If by "tactile" you means "more hands-on experience" with learning the game, than I think it's worth offering up the classic traveller boxed Starter set as a sterling example.
A game of it's time (the Seventies), Traveller is made up of seperate sub-systems: you have your character creation (with that infamous lifepath system with 4-year "terms" of enlist / advance / roll survival in a selection of mostly-military careers), you have your combat, you have modular spaceship creation system (spend X credits, try to figure out all the trade-offs between faster drives, roomier compartments, more weaponry, larger fuel tanks, etc), you have star-system generation, space sector generation (basically, fill up a hex page with star systems), animal encounter generation, etc.
Each sub-system has it's own chapter in the rulebook. Besides the rulebook, you've got a booklet of charts in the box. All the charts for a specific chapter are laid out nicely on a double-page spread in the charts booklet, so you can have them both open, take pen, paper and dice, and amuse yourself rolling up retired merchant captains, aquatic worlds with technologically advanced theocracies and 100Kg. diurnal horned omnivores, or trying to squeeze the max performance out of a 100,000 credit ship design.
In fact, the book encourages this, letting you learn the system's components while putting together stuff you can use later in your game.
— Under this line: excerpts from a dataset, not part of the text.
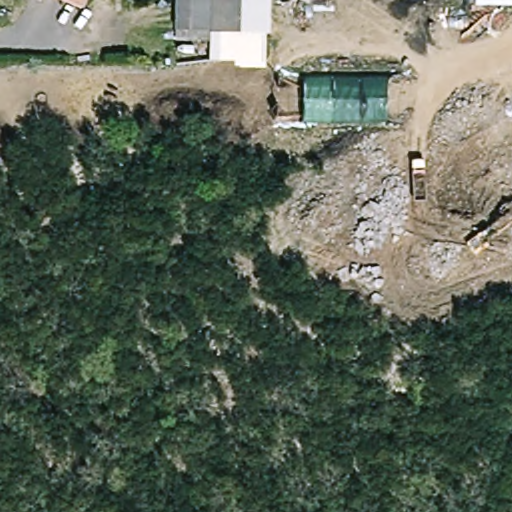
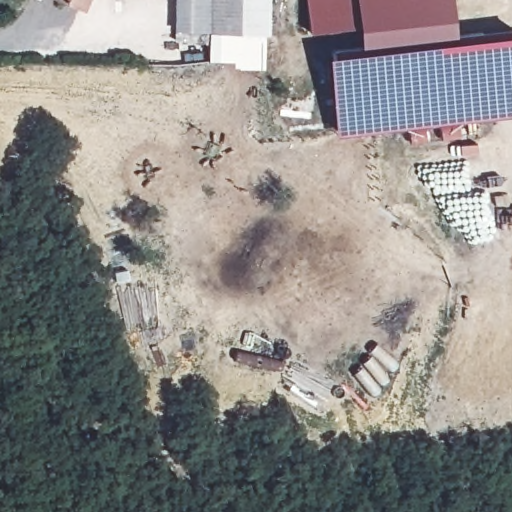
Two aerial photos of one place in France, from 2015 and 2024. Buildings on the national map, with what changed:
unchanged [(72,0),(82,0),(80,4),(72,0)]
unchanged [(265,35),(265,69),(234,69),(233,62),(208,61),(208,42),(174,39),(175,0),(270,0),(269,35),(265,35)]
new [(311,32),(306,0),(355,0),(358,26),(311,32)]
new [(329,49),(360,46),(356,0),(452,0),(455,33),(512,26),(512,116),(336,137),(329,57),(329,49)]
demolished [(512,0),(512,13),(474,14),(475,0),(512,0)]

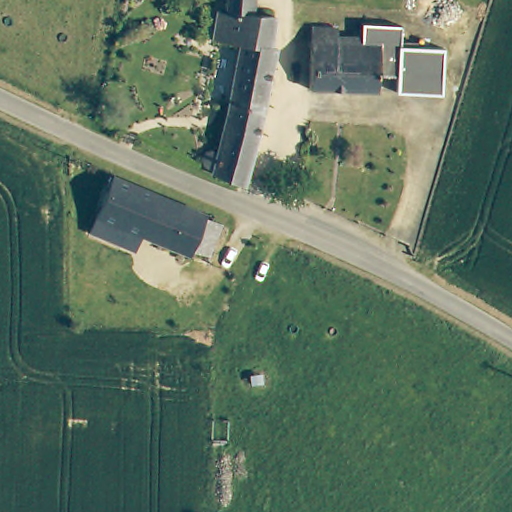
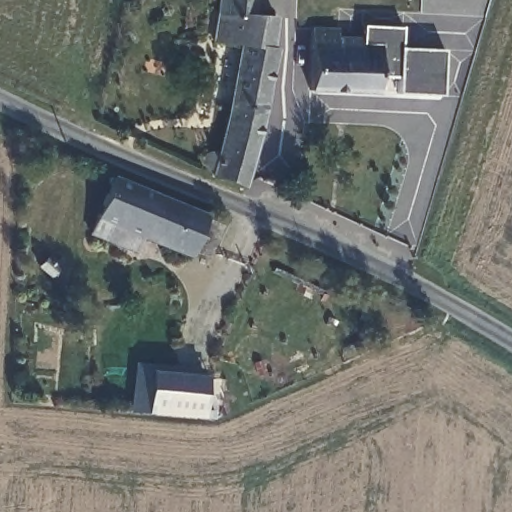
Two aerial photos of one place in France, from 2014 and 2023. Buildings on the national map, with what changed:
unchanged [(226,12),(227,0),(254,0),(254,3),(270,6),(269,18),(226,12)]
unchanged [(275,19),(272,51),(277,52),(263,140),(246,183),(219,172),(223,151),(243,42),(214,38),(213,38),(218,10),(226,12),(269,18),(275,19)]
unchanged [(427,92),(414,92),(401,91),(401,75),(381,74),(381,90),(308,86),(308,38),(309,24),(326,25),(335,26),(335,37),(365,39),(366,21),(406,23),(404,41),(404,45),(417,45),(431,46),(447,47),(444,93),(427,92)]
unchanged [(207,263),(189,256),(188,259),(139,238),(133,253),(89,235),(115,175),(204,218),(203,221),(220,228),(207,263)]
new [(203,419),(130,412),(134,361),(208,368),(203,419)]

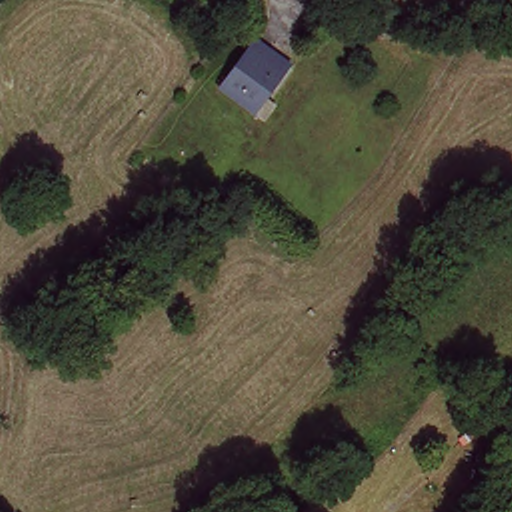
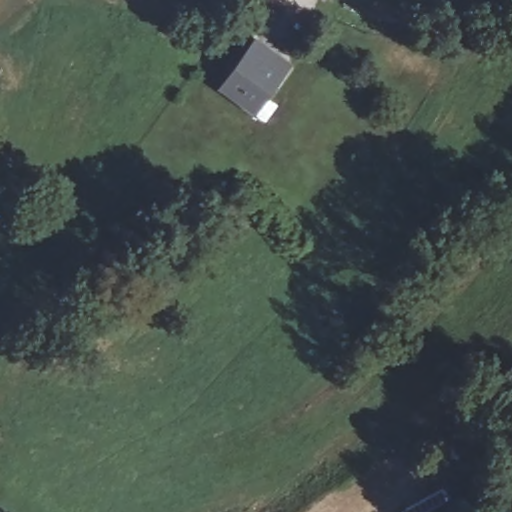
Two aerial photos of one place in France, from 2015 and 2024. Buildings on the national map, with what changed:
unchanged [(277,66),(247,110),(216,90),(247,46),(277,66)]

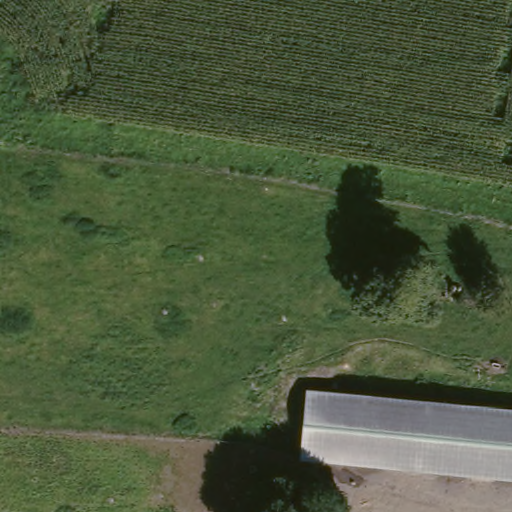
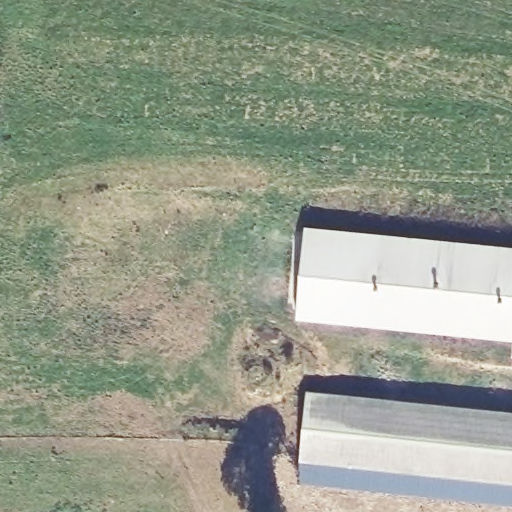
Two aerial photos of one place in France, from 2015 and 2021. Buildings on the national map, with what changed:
new [(304,226),(512,245),(512,338),(296,318),(304,226)]
unchanged [(512,407),(512,476),(300,456),(308,387),(512,407)]

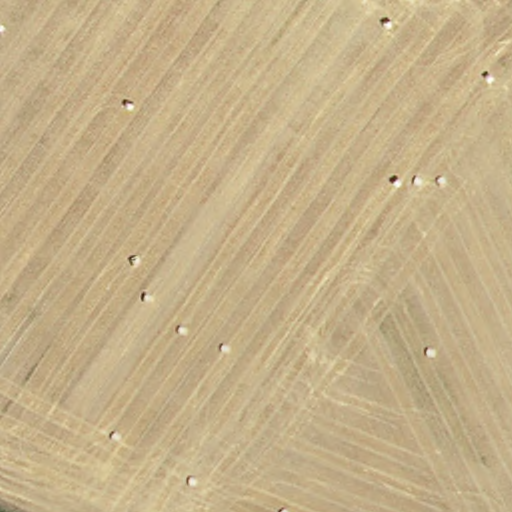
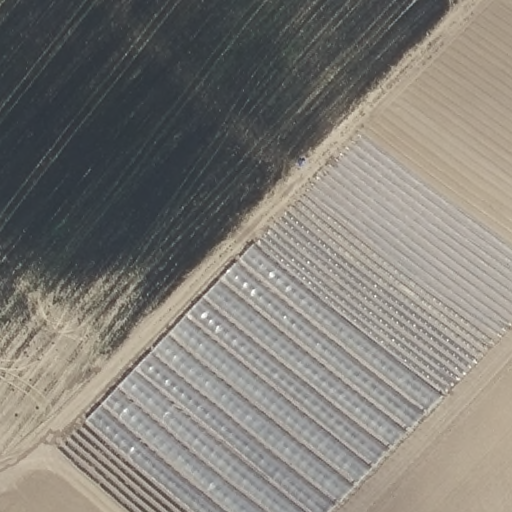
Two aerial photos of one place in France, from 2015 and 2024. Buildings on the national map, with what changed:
new [(331,512),(196,512),(88,420),(254,242),(442,396),(331,512)]

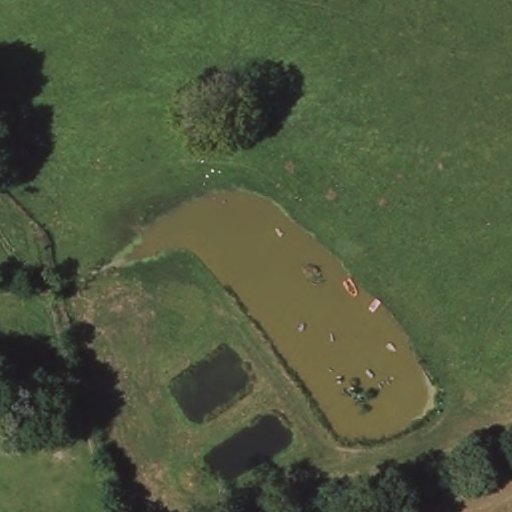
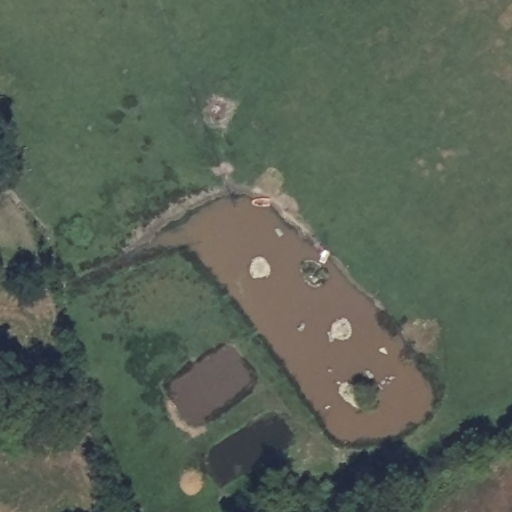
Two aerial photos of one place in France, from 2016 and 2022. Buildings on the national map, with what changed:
[]

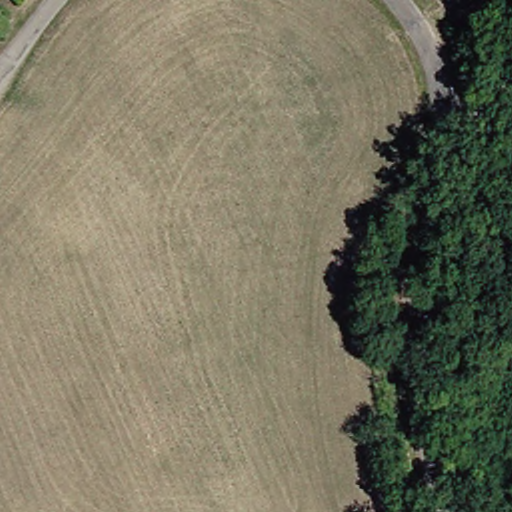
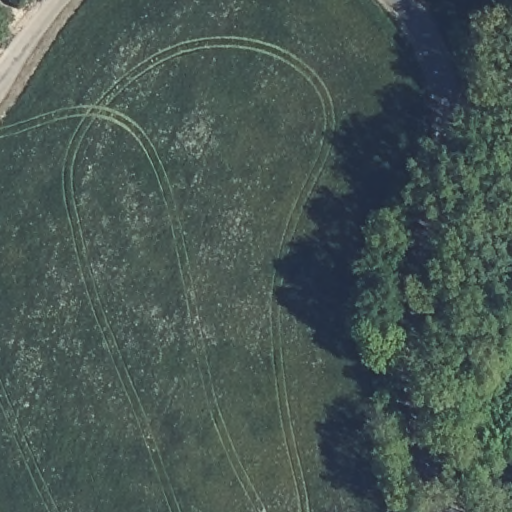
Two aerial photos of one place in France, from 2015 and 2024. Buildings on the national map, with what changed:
[]

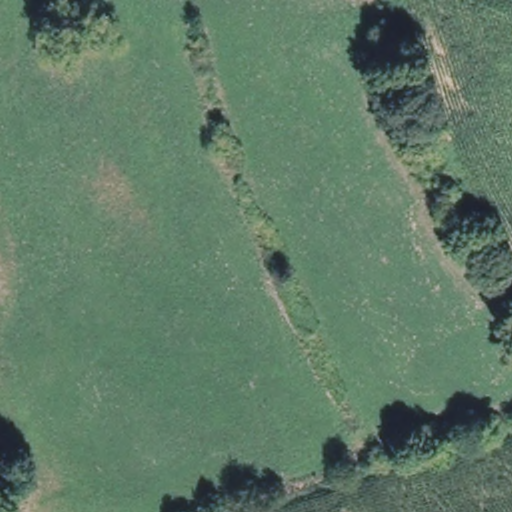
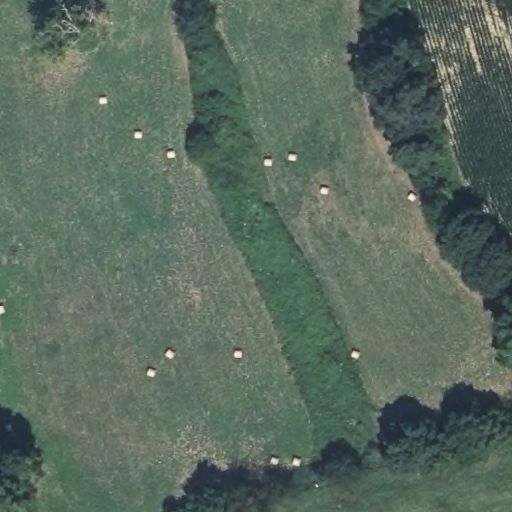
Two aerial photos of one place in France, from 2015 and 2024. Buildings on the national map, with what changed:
[]

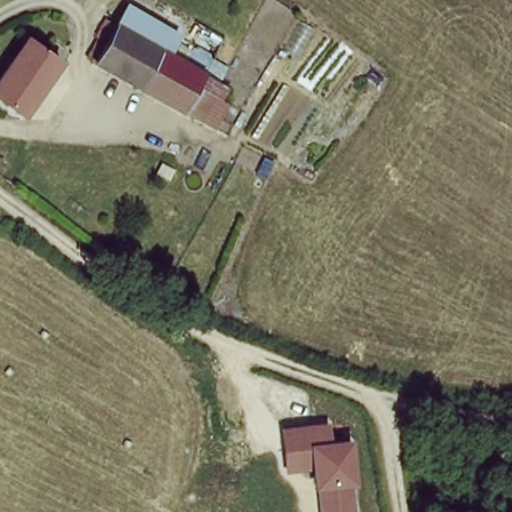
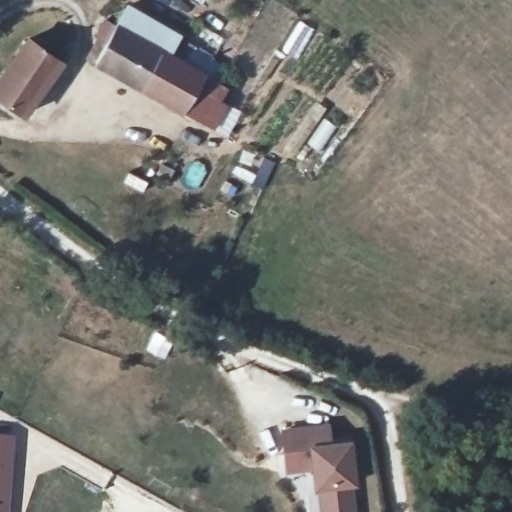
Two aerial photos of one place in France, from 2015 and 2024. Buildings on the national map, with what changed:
unchanged [(141,9),(228,56),(217,77),(130,29),(141,9)]
unchanged [(217,77),(240,90),(232,101),(210,90),(196,114),(110,67),(121,46),(112,40),(121,23),(130,29),(217,77)]
unchanged [(26,111),(0,94),(0,76),(28,33),(62,56),(26,111)]
unchanged [(332,442),(352,440),(355,486),(351,486),(353,512),(316,512),(310,470),(285,473),(280,429),(329,423),(332,442)]
new [(0,512),(0,434),(15,435),(8,512),(0,512)]

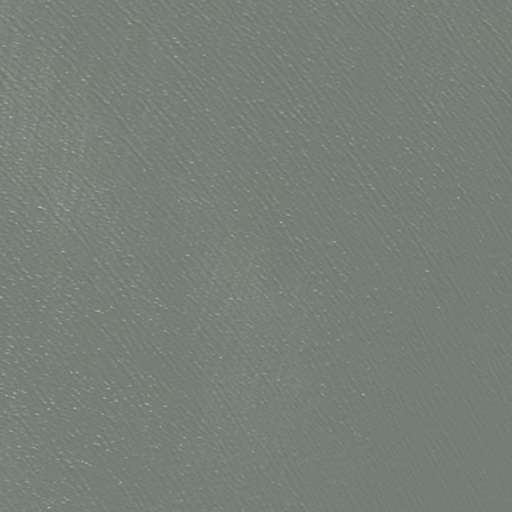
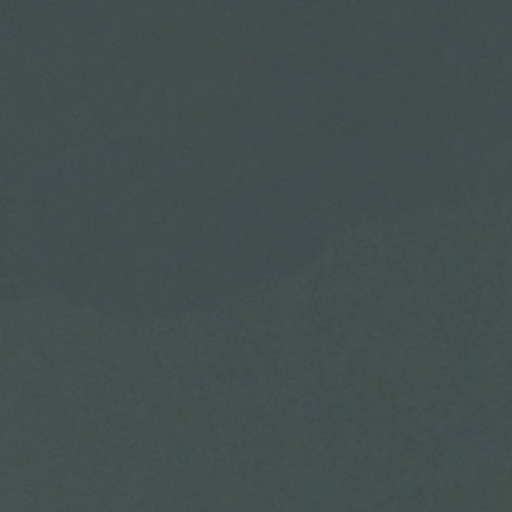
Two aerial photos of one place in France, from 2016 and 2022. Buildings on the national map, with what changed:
[]

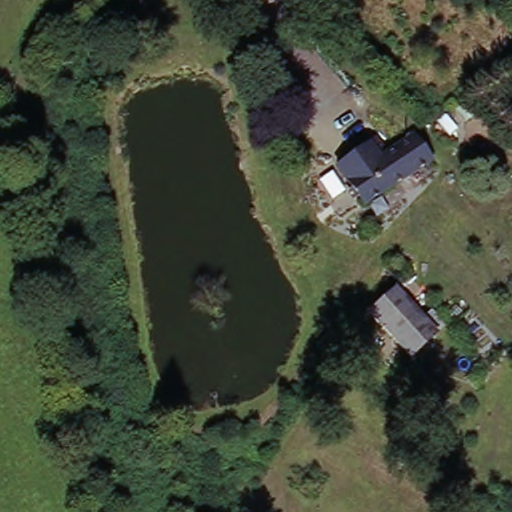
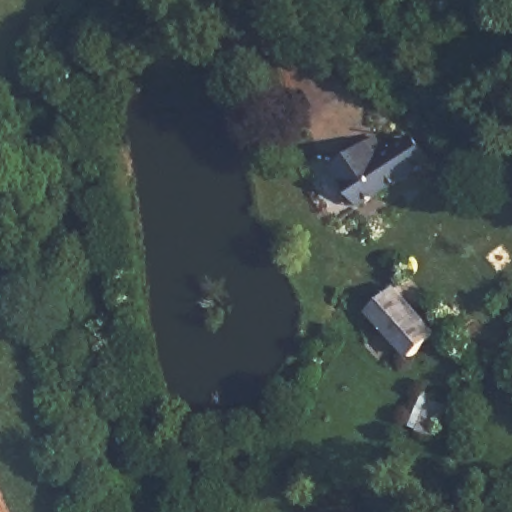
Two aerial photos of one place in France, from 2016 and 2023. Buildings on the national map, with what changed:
unchanged [(366,170),(369,175),(383,195),(362,209),(334,168),(379,136),(392,152),(366,170)]
unchanged [(432,163),(383,195),(369,175),(366,170),(414,137),(432,163)]
unchanged [(369,314),(392,291),(433,333),(408,355),(369,314)]

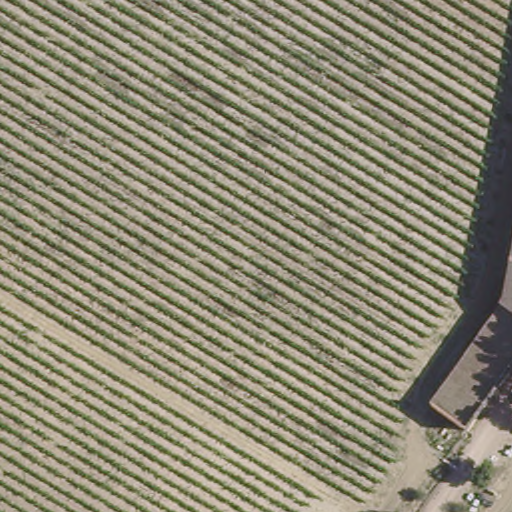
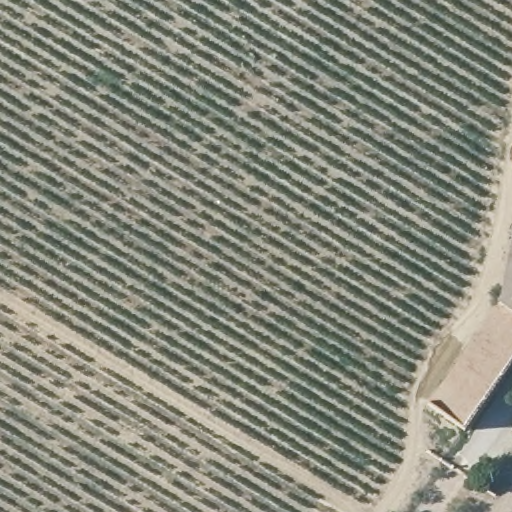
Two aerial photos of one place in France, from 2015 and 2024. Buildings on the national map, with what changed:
unchanged [(460,430),(424,404),(497,304),(512,223),(512,358),(460,430)]

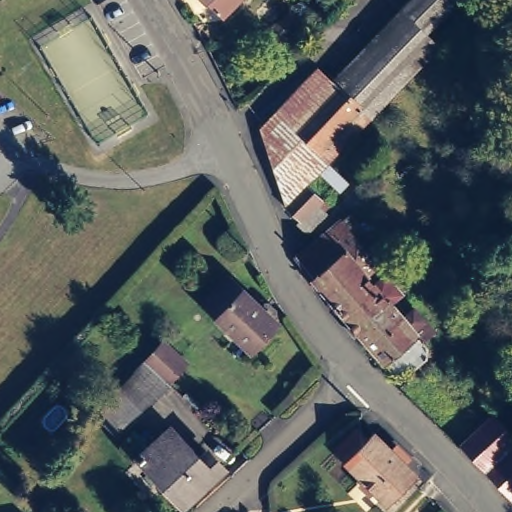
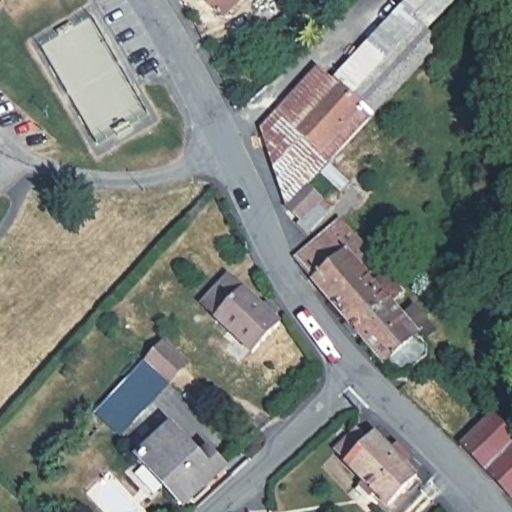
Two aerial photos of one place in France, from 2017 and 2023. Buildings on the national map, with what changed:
unchanged [(217,15),(201,0),(231,0),(217,15)]
unchanged [(251,0),(276,0),(259,19),(245,7),(251,0)]
unchanged [(437,12),(425,26),(440,39),(372,114),(333,77),(400,0),(448,0),(437,12)]
unchanged [(277,7),(288,17),(274,33),(262,23),(277,7)]
unchanged [(318,65),(333,77),(372,114),(321,169),(309,182),(330,201),(326,207),(330,212),(314,229),(300,216),(303,212),(291,201),(293,199),(262,125),(318,65)]
unchanged [(338,208),(374,249),(365,260),(373,268),(380,261),(396,279),(387,289),(400,303),(410,296),(431,319),(423,327),(426,330),(429,338),(403,360),(389,360),(353,321),(348,325),(337,313),(342,307),(291,250),(314,229),(338,208)]
unchanged [(224,272),(257,303),(262,298),(274,309),(269,315),(275,321),(247,349),(197,301),(224,272)]
unchanged [(145,363),(163,343),(185,364),(168,383),(118,435),(96,415),(145,363)]
unchanged [(512,428),(512,486),(510,488),(461,436),(493,409),(512,428)]
unchanged [(351,425),(360,434),(366,429),(385,447),(390,442),(398,450),(394,455),(411,472),(382,500),(329,447),(351,425)]
unchanged [(172,430),(202,461),(210,454),(223,468),(186,502),(144,458),(172,430)]

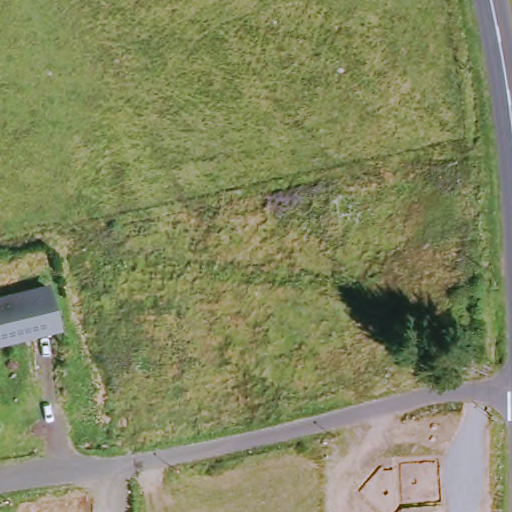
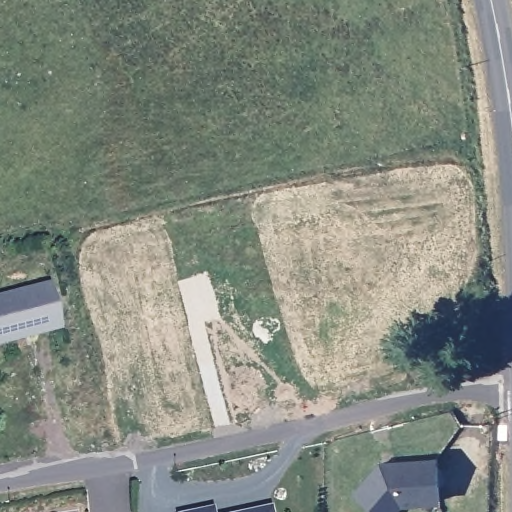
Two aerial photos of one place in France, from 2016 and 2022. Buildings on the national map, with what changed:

Now, since most games assume you already know how to play RPGs, the didactic quality of games hasn't improved much. The last serious attempts  I recall were the solo adventures in GURPS 3rd Edition and the Champions Blue Book (or was that Fantasy Hero?).
- Dotan

A.B.W

Andy:  Thank you for the links!  I like those illustrations.  Man, I'd love to see something like that in a Western game.  Um, a game made in North America or Europe, that is, not necessarily Six-Gun Roleplaying.
The catchphrase that can be sigged is not the true catchphrase.